After classifying A. thaliana cis-NATs topologies in this way, we then examined conservation of expression and of non-gene-overlapping sequence in cis-NATs, to gain insight into the functional mechanisms of cis-NATs, and their significance. Specifically, we analysed: (a) conservation of expression of A. thaliana cis-NATs, in A. lyrata; (b) sequence conservation of non-overlapping parts (‘NOLPs’) of cis-NATs; (c) RNA structure prediction for these NOLP regions; (d) cross-referencing of cis-NAT expression conservation and NOLP sequence conservation with the occurrence of CHIP peaks, small interfering RNAs, transposons and protein homology.

Transcription evidence in A. lyrata and other genomes

Is the transcription of A. thaliana cis-NATs conserved in A. lyrata? We examined expression at the loci of genes orthologous to those that overlap cis-NATs, in A. lyrata. A summary of analysis of conservation of expression in A. lyrata is arrayed in Table 3 (see footnote for details). A substantial fraction of cis-NATs, regardless of data set origin, have conservation of non-coding anti-sense transcription (28-35%) (Table 3).
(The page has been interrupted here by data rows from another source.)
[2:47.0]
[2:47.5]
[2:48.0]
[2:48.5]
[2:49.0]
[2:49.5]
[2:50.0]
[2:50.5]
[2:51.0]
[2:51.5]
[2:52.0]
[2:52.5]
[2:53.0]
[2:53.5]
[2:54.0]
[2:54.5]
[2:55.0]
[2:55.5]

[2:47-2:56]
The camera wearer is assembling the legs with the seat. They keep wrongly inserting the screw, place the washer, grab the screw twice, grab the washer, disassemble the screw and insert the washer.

Table 3 Summary of conservation of expression, and of NOLP sequence conservation

Sequence conservation

cis-NATs conserved across several different Brassicaceae genera may be under selection pressure because they have important roles since the last common ancestor of these species. We searched for Arabidopsis thaliana cis-NAT loci that have significant sequence conservation across nine Brassicaceae species, including Brassica rapa, which is an important food crop. This was analyzed using PhyloP (as described in Methods) for the parts of cis-NATs that do not overlap protein-coding gene exons (i.e., ‘NOLPs’). We restricted our analysis to these parts, since we cannot de-convolute the conservation signals for the protein-coding exons for the other areas.
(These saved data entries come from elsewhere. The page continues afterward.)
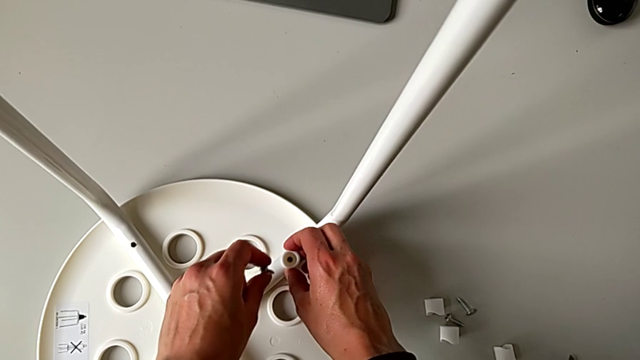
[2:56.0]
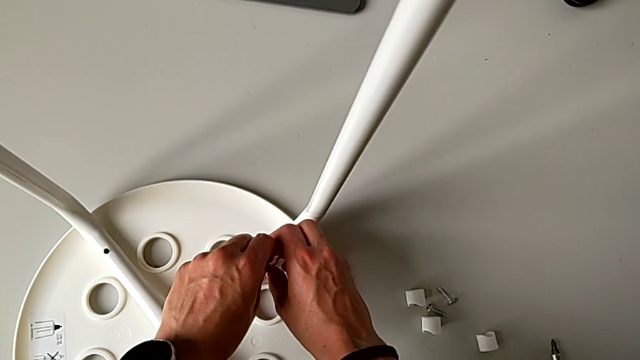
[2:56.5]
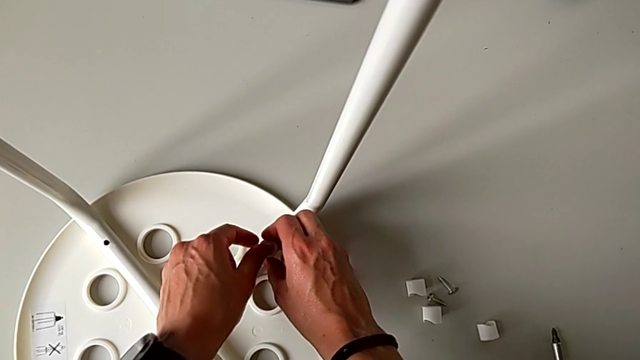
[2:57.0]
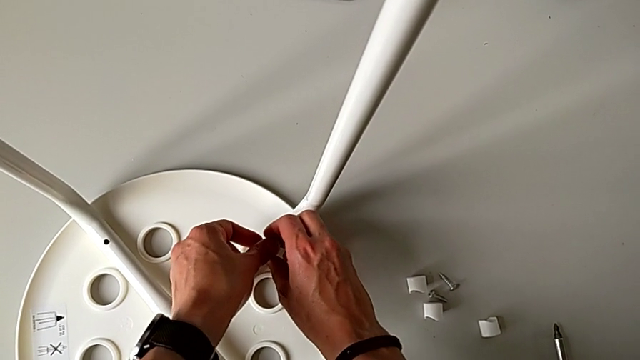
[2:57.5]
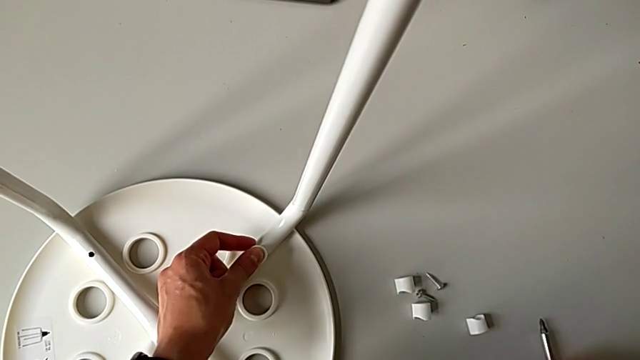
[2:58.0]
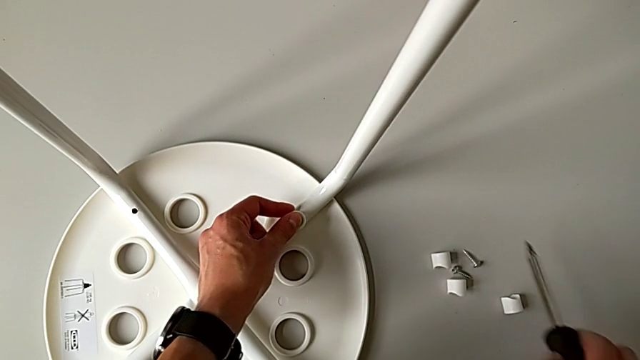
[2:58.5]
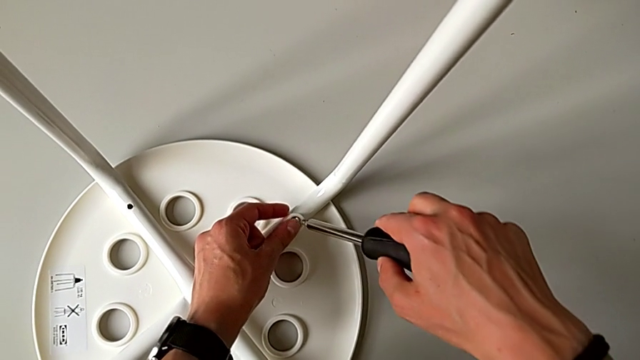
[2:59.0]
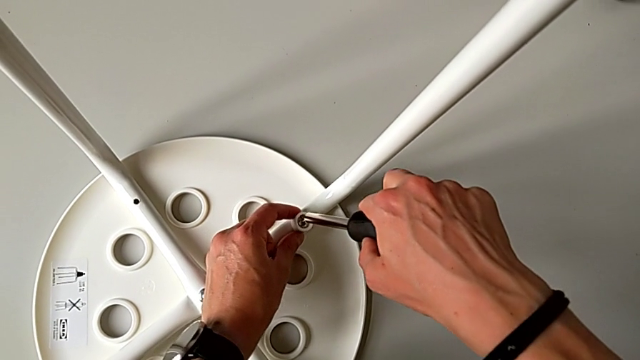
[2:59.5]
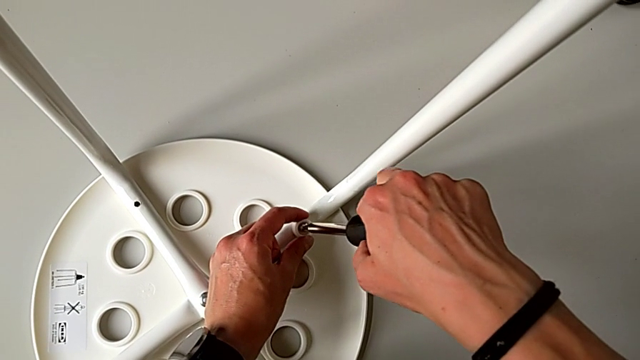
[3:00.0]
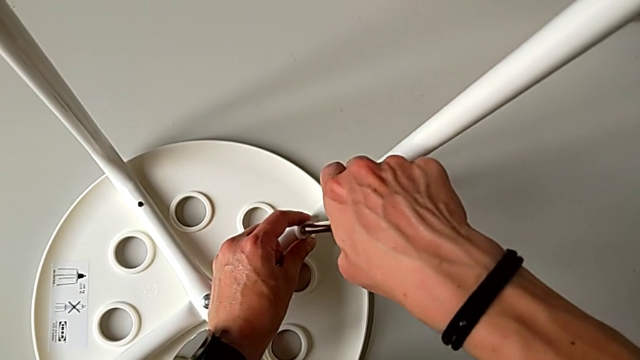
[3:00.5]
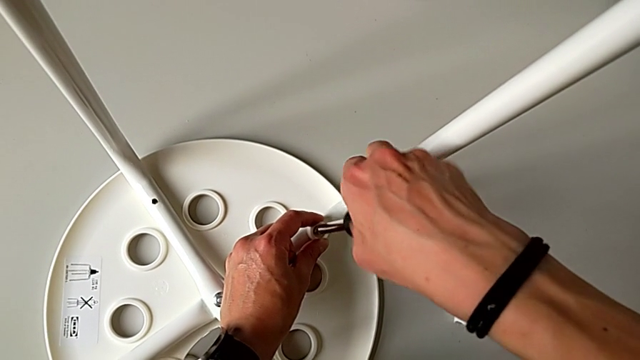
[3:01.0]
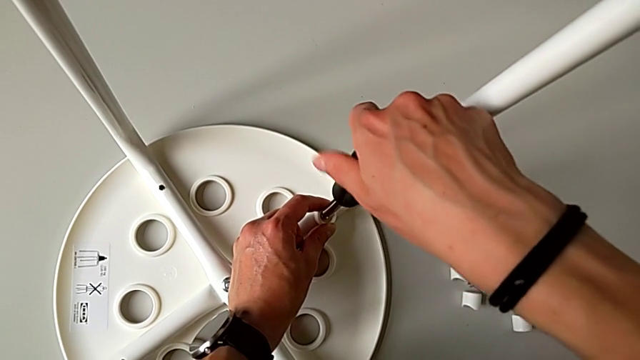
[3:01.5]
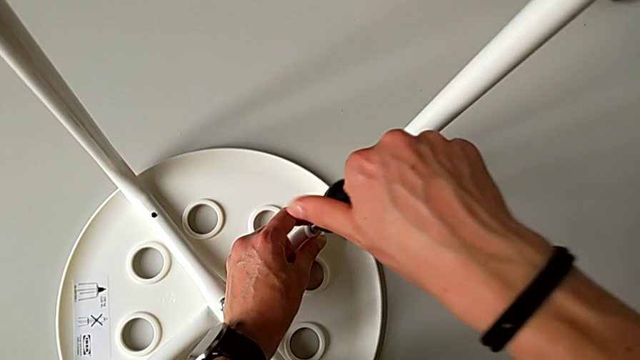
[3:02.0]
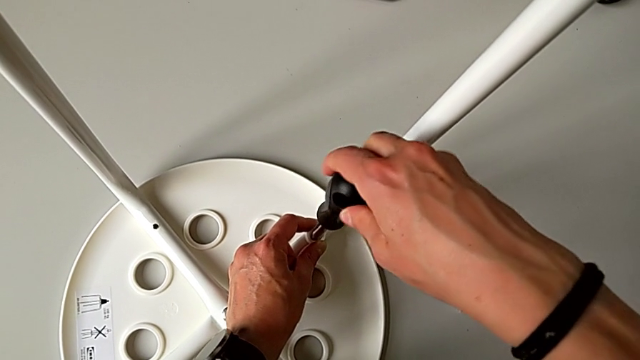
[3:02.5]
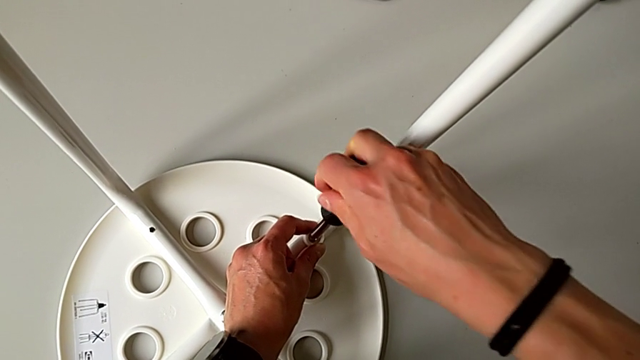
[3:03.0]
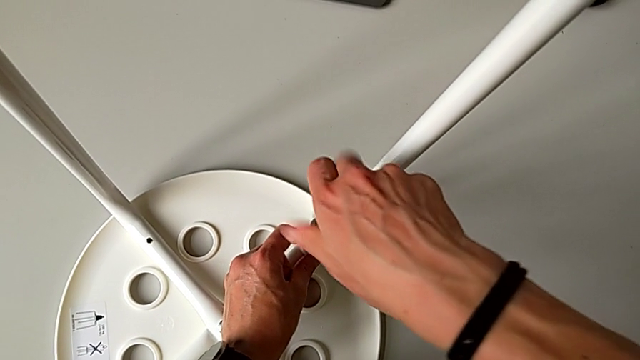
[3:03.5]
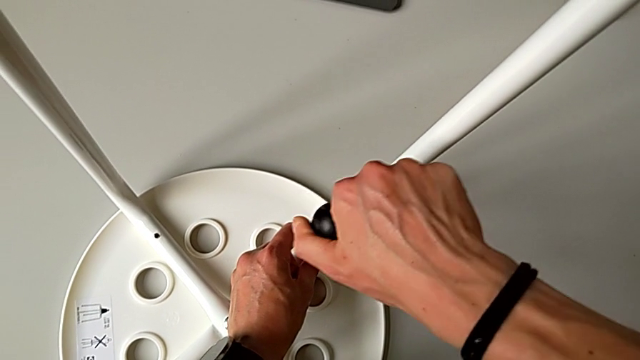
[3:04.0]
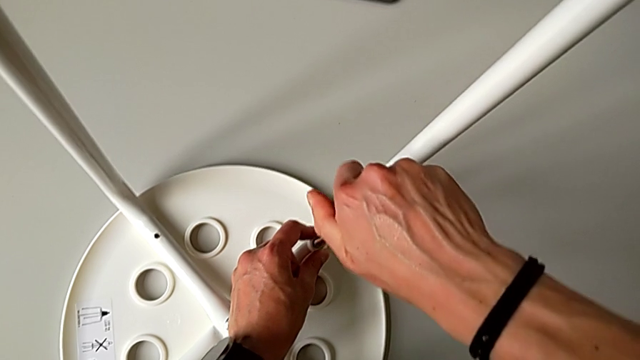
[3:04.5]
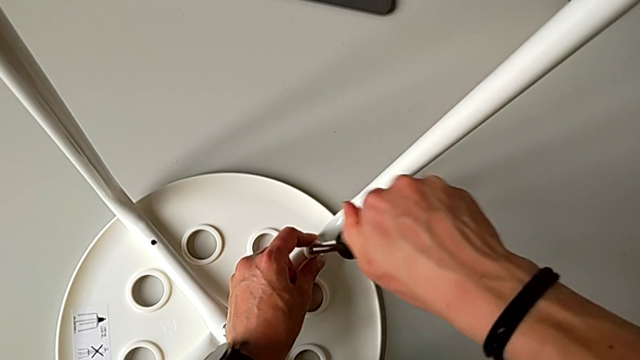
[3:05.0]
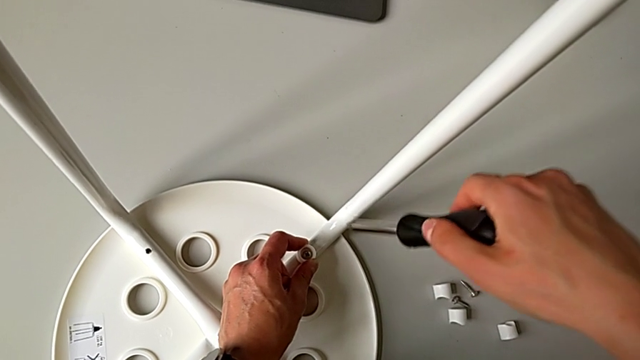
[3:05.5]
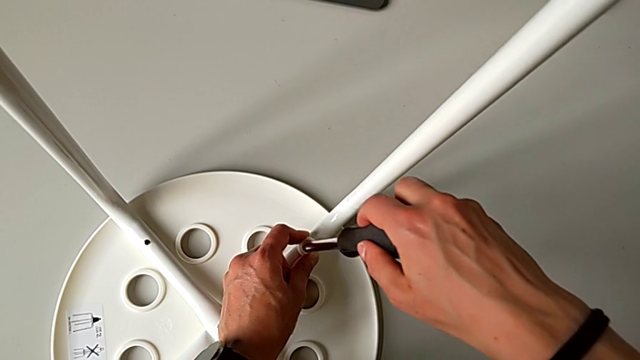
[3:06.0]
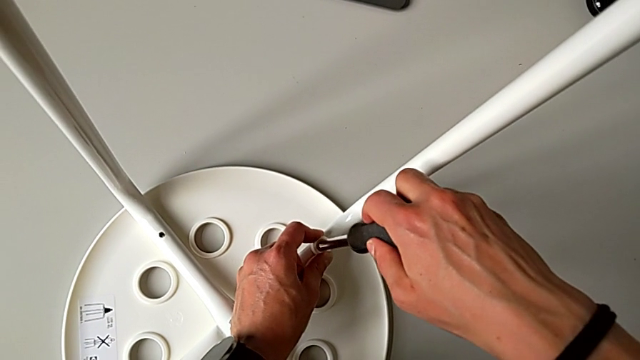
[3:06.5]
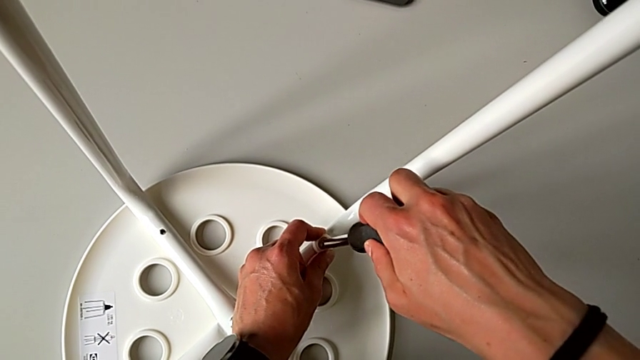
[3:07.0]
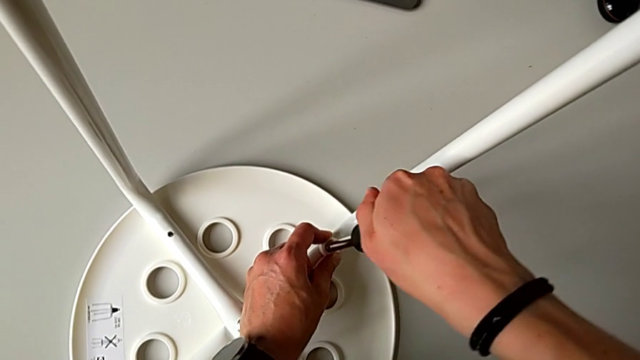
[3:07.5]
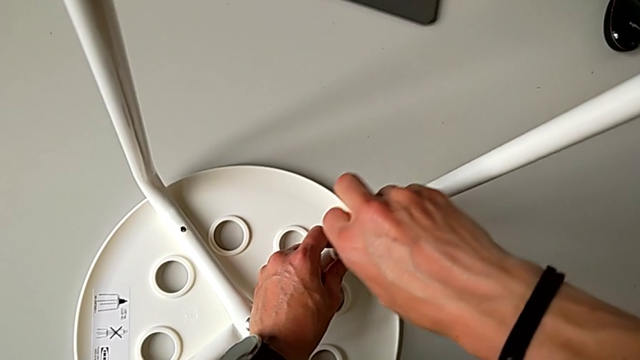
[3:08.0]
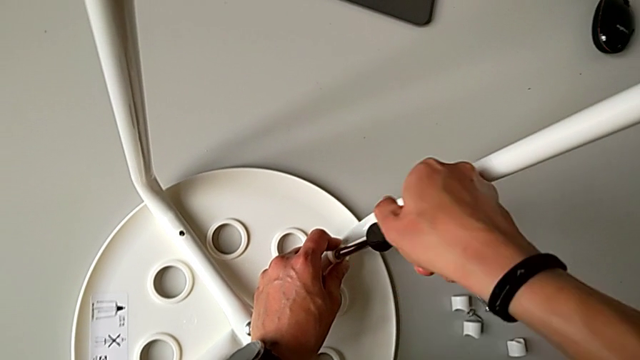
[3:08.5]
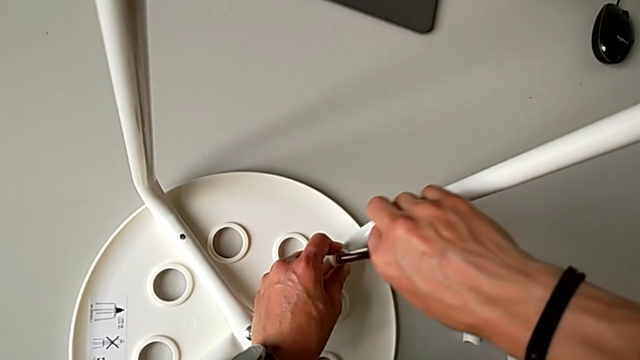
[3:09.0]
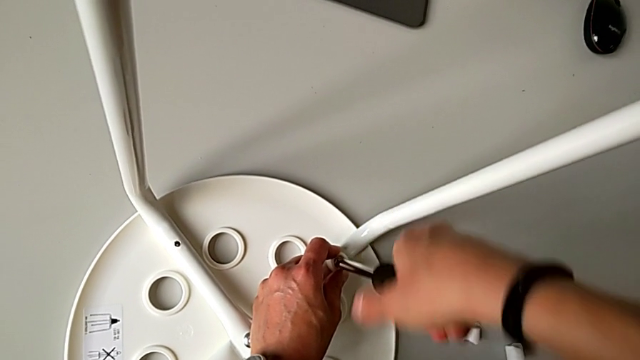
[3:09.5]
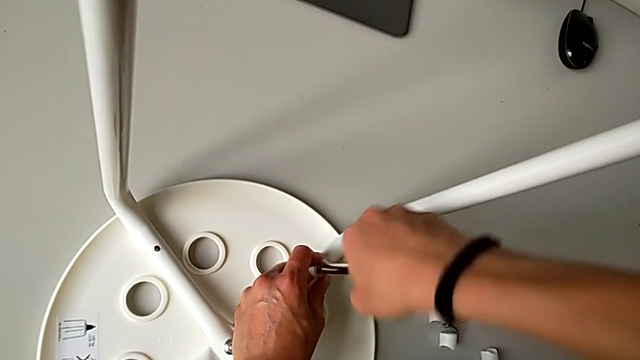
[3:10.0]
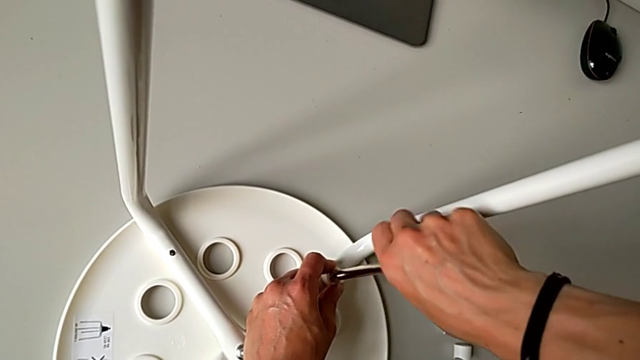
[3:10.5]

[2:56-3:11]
The camera wearer is assembling the legs with the seat. They insert the screw, grab the screwdriver, insert it and begin to screw the screw.

For the TAIR set of cis-NATs, we found that 55/162 (34%) of the cis-NATs had NOLPs with significant conservation (P < 0.05) (or 32/162 [20%] if we apply a Holm-Bonferroni [HB] correction) (Table 1 and Additional file 2). A small fraction, 7/162 (4%) have two sequence regions with significant conservation. For comparison, 199/232 (86%) of the protein-coding genes overlapped by the cis-NATs are significantly conserved for the same genome alignments.

As above for the total TAIR set, Type 2 is also the most common topology among those with significant conservation in Brassicaceae (Table 1), although Types 1 and 4 also arise for >25% of cases. For the other four cis-NAT data sets, Type 1 is very dominant as the most common amongst those with significantly conserved NOLPs (Table 2). For the two large tiling-array-derived NAT data sets, Matsui2008 and Okamoto2010, Type 1 comprises about half of all the significantly conserved cases. For Type 1 orientation, conserved NOLP cases would be able to overlap conserved promoter elements for the complementary gene; this is investigated below through analysis of positions of CHIP-seq peaks.
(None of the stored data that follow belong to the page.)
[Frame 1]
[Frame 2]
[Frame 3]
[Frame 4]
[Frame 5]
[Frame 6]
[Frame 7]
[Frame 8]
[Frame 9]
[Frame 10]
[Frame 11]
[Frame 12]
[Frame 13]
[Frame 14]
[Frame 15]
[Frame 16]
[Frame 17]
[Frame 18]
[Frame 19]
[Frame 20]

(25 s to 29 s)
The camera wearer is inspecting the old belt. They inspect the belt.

To assess the overall conservation statistics of all of the cis-NATs (TAIR set plus the four other data sets), we derived a non-redundant list of 4,177 cases (see Methods). Overall, comparable numbers are significantly conserved as for the TAIR set (1323/4177 [29%] or 743/4177 [18%] after HB correction).

In general, there is significant NOLP sequence conservation for 28-34% of cis-NATs (analysis summarized in Table 3). For the smaller TAIR set but not the two larger data sets, the NOLPs are significantly less conserved than randomly sampled near-gene DNA (P = 0.003 by normal statistics, see footnote, Table 3). There is a very significant correlation between sequence conservation of cis-NAT NOLPs in A. lyrata and conservation of transcription within A. lyrata, for the two largest data sets (Okamoto2010 and Matsui2008), but not the TAIR or NR sets (Table 3). This is probably because our method of constructing the NR list of cis-NATs is biased towards picking longer cases, and the TAIR set is too small in number to get a significant result. With one marginal exception (the Matsui2008 data set), there is no significant correlation between A. lyrata expression conservation and sequence conservation across the Brassicaceae (Table 3). This is evidence that in general this sequence conservation is not for maintenance of the cis-NATs NOLPs per se, but for other elements that are overlapped by them.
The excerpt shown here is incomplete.